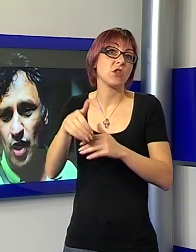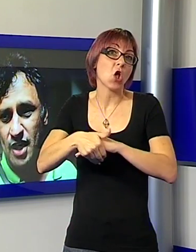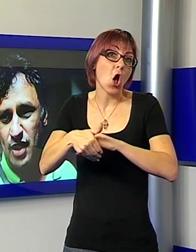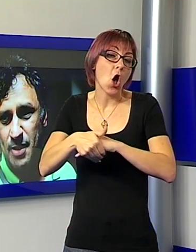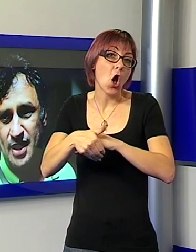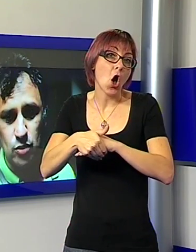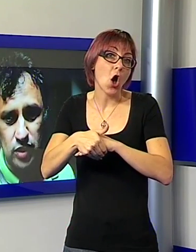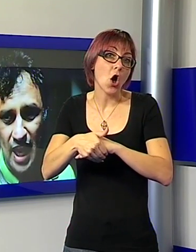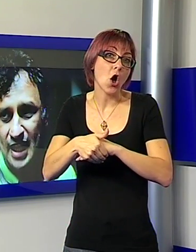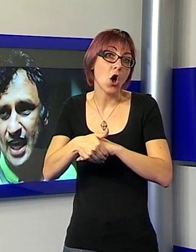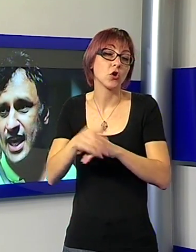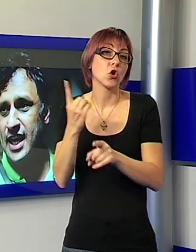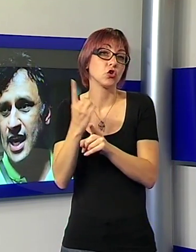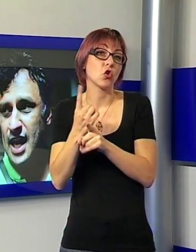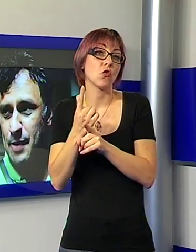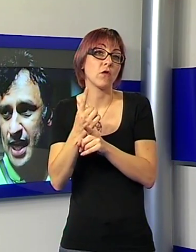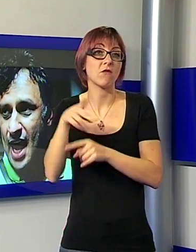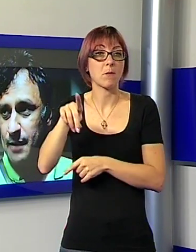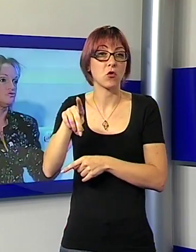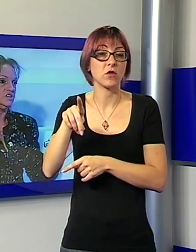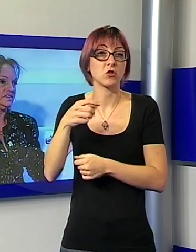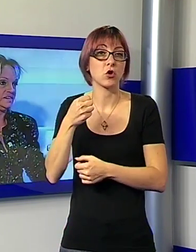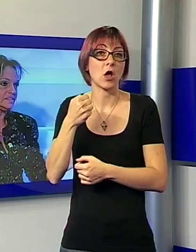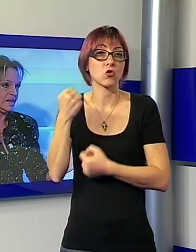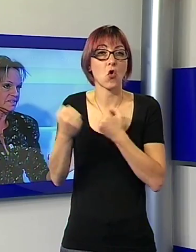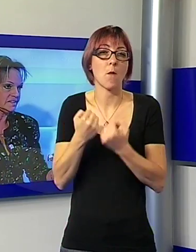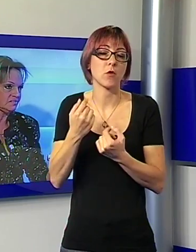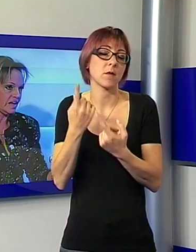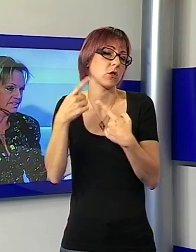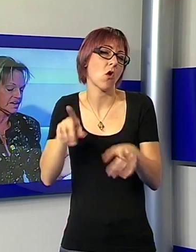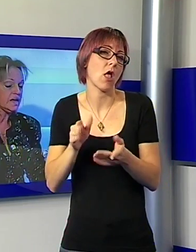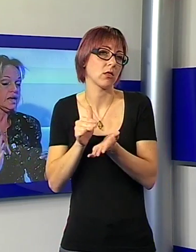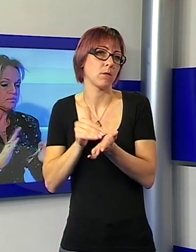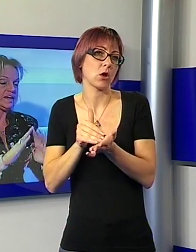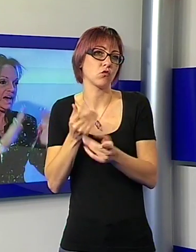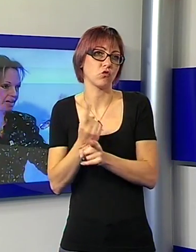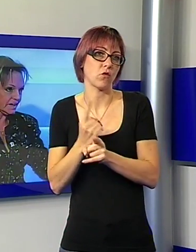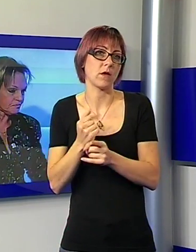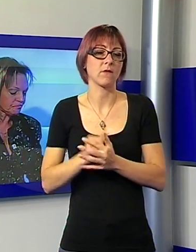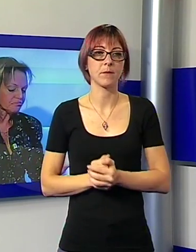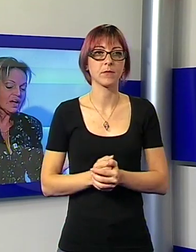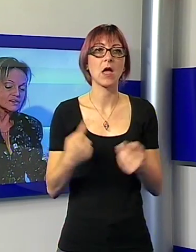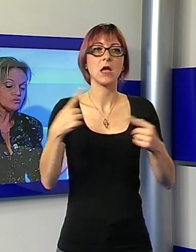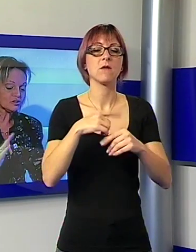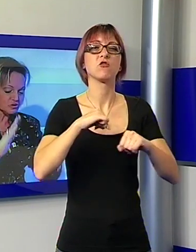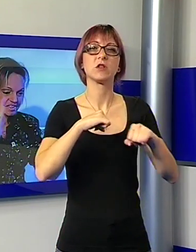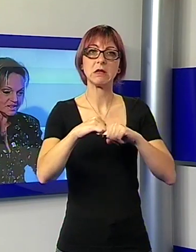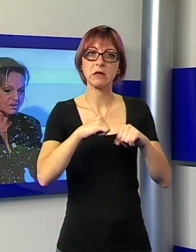era veramente a tutela dei precari. La dirigente dell'ufficio scolastico, Donatella Buonriposi, ospite di Buongiorno con noi,
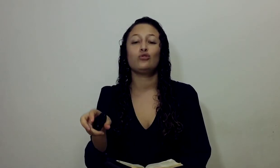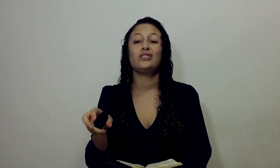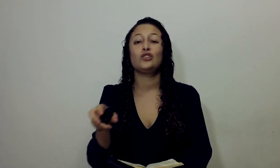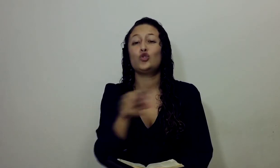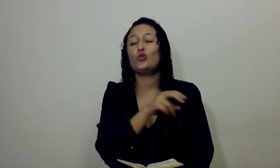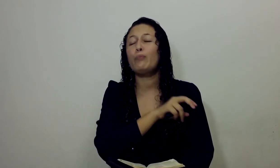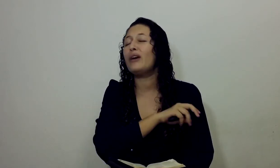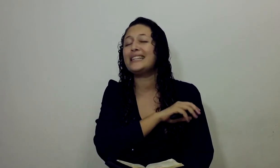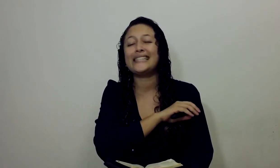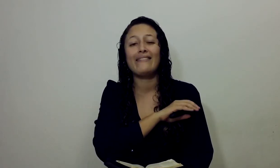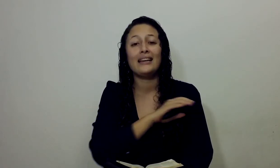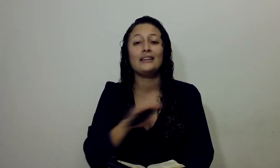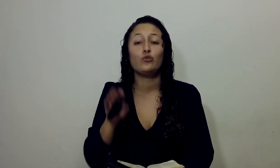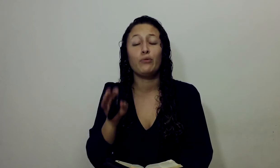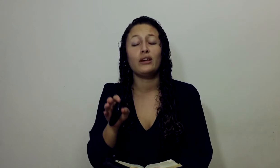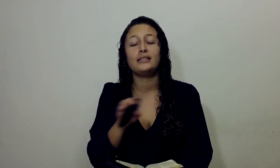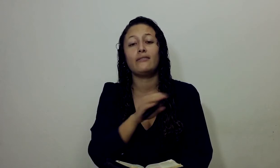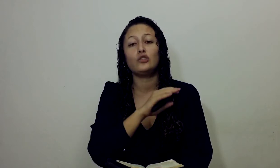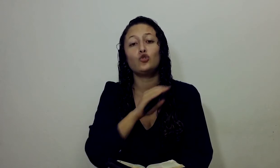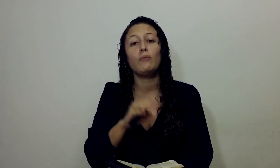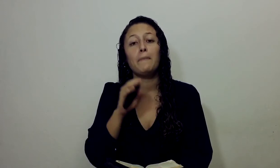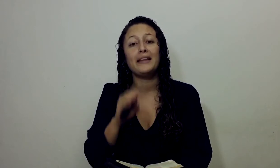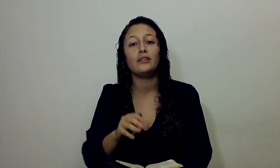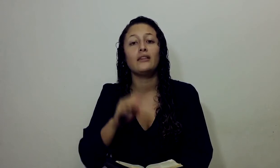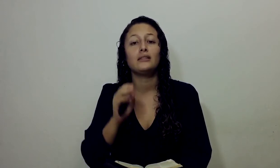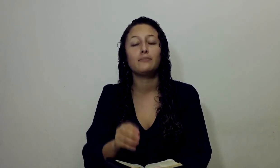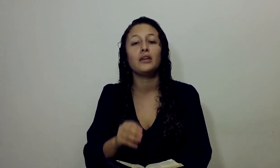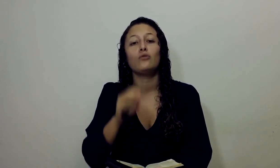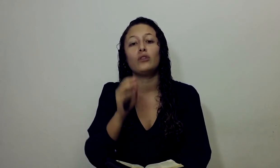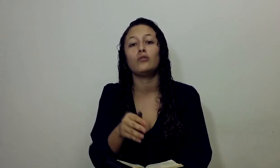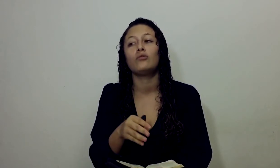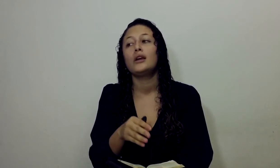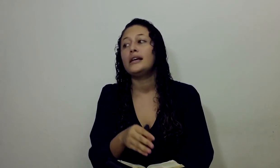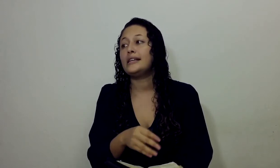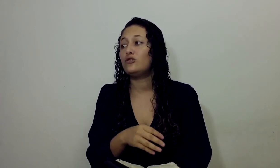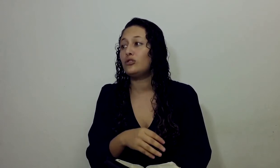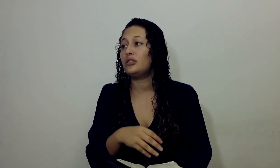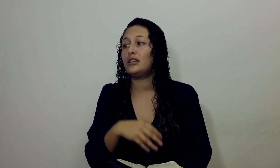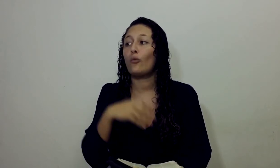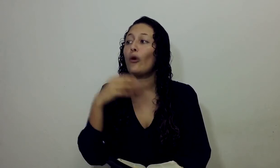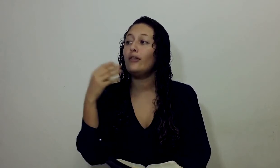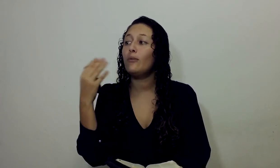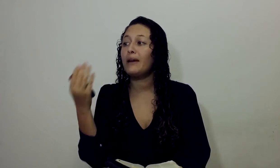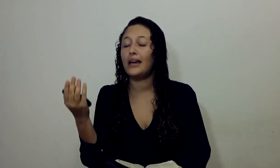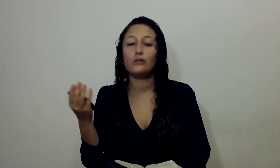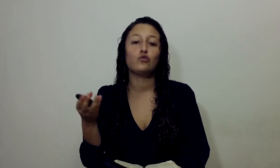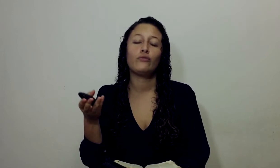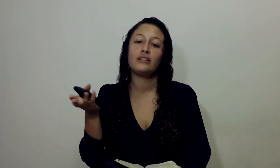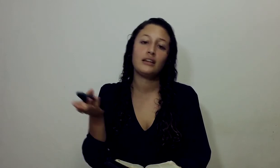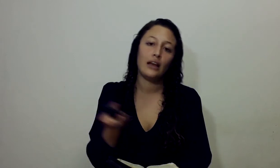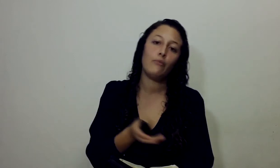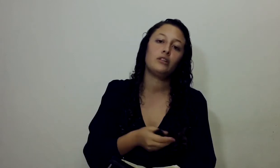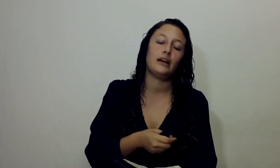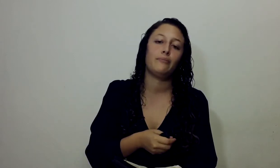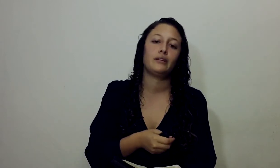Y entonces Su poder Se ve Su poder Se ve sumamente Disminuido Y entonces El cuerno Pequeño
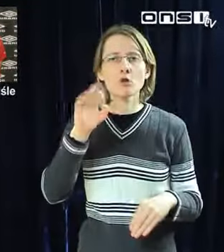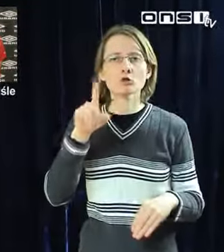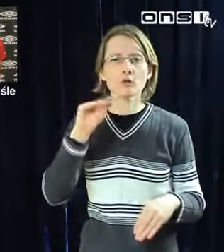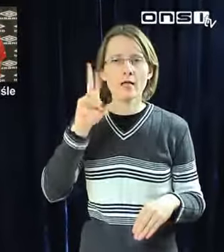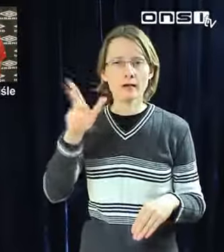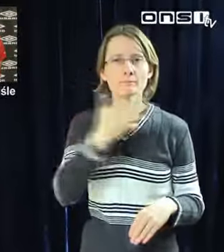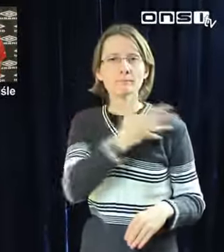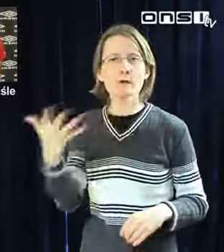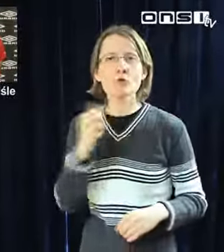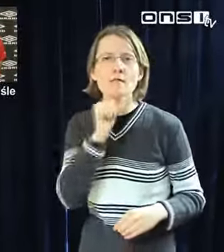w poniedziałki.
==*==
With pictures excluded, output the listing above exactly as it stands.

era veramente a tutela dei precari. La dirigente dell'ufficio scolastico, Donatella Buonriposi, ospite di Buongiorno con noi,
Y entonces Su poder Se ve Su poder Se ve sumamente Disminuido Y entonces El cuerno Pequeño
w poniedziałki.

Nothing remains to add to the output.